Highlights
- The T-S diagram identifies four distinct water types in the Persian Gulf study area.
- Alkalinity loss equals 31 Mt. CaCO3 or 3.72 Mt. inorganic carbon deposited annually.
- A ΔOrgC:ΔCaCO3 ratio of 2.6:1 indicates higher photosynthesis over calcification.
- Dissolved inorganic carbon and total alkalinity, dominate the pCO2 distribution.

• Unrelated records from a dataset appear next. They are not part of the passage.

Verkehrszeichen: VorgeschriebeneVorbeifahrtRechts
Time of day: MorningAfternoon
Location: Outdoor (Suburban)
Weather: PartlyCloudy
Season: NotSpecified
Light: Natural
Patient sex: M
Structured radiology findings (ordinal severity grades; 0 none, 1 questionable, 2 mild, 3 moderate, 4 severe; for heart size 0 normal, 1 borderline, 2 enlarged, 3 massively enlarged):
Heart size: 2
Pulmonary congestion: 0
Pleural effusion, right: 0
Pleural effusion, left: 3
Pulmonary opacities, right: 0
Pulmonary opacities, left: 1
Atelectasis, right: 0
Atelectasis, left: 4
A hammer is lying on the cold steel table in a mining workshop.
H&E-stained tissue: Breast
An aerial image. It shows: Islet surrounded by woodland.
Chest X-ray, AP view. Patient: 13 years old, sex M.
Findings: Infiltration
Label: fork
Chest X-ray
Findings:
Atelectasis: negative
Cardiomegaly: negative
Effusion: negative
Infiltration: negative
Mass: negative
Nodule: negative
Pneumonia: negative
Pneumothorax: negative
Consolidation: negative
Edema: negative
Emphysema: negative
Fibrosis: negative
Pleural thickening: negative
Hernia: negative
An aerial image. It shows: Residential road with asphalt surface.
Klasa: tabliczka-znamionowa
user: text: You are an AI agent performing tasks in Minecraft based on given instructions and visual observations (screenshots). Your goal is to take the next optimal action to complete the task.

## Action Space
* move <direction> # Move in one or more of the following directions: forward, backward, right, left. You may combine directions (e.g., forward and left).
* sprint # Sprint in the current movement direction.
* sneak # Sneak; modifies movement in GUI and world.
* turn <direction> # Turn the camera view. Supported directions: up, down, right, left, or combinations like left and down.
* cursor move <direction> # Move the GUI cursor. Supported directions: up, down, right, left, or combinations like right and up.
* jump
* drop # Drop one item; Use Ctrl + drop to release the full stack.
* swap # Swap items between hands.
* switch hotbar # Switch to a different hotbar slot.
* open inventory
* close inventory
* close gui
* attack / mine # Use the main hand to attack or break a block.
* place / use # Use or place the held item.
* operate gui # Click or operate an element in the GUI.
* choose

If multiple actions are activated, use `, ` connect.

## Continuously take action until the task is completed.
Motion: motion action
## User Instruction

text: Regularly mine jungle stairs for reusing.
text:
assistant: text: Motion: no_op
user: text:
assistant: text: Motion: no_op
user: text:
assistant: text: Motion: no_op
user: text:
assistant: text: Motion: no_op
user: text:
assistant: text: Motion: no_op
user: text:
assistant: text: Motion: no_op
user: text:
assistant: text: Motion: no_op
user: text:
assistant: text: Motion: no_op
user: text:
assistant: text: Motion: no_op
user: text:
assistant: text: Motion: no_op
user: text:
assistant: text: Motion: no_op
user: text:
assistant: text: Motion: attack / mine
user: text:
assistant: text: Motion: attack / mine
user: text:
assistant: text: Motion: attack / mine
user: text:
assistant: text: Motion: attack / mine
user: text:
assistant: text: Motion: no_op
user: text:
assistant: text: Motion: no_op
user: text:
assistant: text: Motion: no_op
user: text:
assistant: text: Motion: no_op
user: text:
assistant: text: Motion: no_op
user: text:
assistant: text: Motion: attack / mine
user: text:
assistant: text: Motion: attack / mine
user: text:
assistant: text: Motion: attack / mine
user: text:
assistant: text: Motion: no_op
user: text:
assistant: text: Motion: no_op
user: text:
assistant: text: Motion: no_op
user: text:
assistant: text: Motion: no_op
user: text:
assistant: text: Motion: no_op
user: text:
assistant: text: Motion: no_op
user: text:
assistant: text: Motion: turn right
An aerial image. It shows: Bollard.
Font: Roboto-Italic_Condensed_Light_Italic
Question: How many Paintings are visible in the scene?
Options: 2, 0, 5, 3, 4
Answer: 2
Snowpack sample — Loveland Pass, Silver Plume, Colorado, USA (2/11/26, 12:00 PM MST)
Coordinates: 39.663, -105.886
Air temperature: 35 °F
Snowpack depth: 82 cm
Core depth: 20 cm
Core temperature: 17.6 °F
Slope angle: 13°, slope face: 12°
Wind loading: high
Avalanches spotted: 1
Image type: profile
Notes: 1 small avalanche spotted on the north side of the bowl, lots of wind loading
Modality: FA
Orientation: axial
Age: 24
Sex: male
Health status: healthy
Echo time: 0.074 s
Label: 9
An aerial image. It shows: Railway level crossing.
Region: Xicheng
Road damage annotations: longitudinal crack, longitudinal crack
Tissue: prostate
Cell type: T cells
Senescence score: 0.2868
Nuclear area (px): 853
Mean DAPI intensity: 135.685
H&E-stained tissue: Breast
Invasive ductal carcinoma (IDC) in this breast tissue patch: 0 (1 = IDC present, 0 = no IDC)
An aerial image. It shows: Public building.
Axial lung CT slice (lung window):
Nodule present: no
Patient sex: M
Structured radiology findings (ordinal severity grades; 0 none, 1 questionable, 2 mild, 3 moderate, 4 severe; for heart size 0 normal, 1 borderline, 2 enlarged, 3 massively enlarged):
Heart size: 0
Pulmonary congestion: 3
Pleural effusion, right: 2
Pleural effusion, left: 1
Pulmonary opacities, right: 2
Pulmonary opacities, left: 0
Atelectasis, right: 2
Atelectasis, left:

- 85 % of surface waters of the Persian Gulf acted as CO2 sinks in late summer.
Abstract
This study examines the carbonate chemistry of the Persian Gulf within the Iranian Exclusive Economic Zone, using datasets collected during the PGE2102 expedition in September 2021. The water column was stratified, with a warm, oxic upper layer (0–25 m: 33.2 °C, salinity 38.9 psu, O2 177 μmol/kg) and a cooler, low-oxygen deep layer (> 25 m: 24.4 °C, salinity 40.2 psu, O2 94.3 μmol/kg). Four water types were identified: Indian Ocean Surface Water (IOSW), Surface Persian Gulf Water (Surface-PG), Deep Persian Gulf Water (Deep-PG), and Northwest Persian Gulf Water (NW-PG). The lowest normalized alkalinity (NAT) was found in NW-PG (2427 ± 29 μmol/kg), suggesting alkalinity loss, while IOSW exhibited the highest NAT (2551 ± 9 μmol/kg). Deep-PG had lower NAT (2460 ± 18 μmol/kg) than surface waters, with surface NAT decreasing westward. Organic matter decomposition in Deep-PG resulted in the lowest pH (7.924 ± 0.030) and highest pCO2 (592.8 ± 47 μatm). Surface waters showed reduced dissolved inorganic carbon (DIC ~2047 μmol/kg) and undersaturated pCO2 (403.9 ± 69 μatm) due to photosynthesis. Hypoxic zones in western and central areas exhibited elevated DIC (up to 2305.6 μmol/kg) and the lowest pH (7.832), reflecting remineralization. Calcium carbonate precipitation contributed to significant alkalinity losses (66.2 μmol/kg), translating to 31 million tons of annual deposition. A ΔOrgC:ΔCaCO3 ratio of 2.6:1 in surface waters suggests higher photosynthetic activity relative to calcification. Despite localized pCO2 hotspots, 85 % of surface waters acted as CO2 sinks, highlighting unique carbonate dynamics shaped by stratification, biogeochemical processes and regional conditions.
Saleh A., Ershadifar H., Ghaemi M., Vaighan D. J. & Chen C. T. A., 2025. Carbonate chemistry and CO2 dynamics in the Persian Gulf. Marine Pollution Bulletin 214: 117804. doi: 10.1016/j.marpolbul.2025.117804. Article.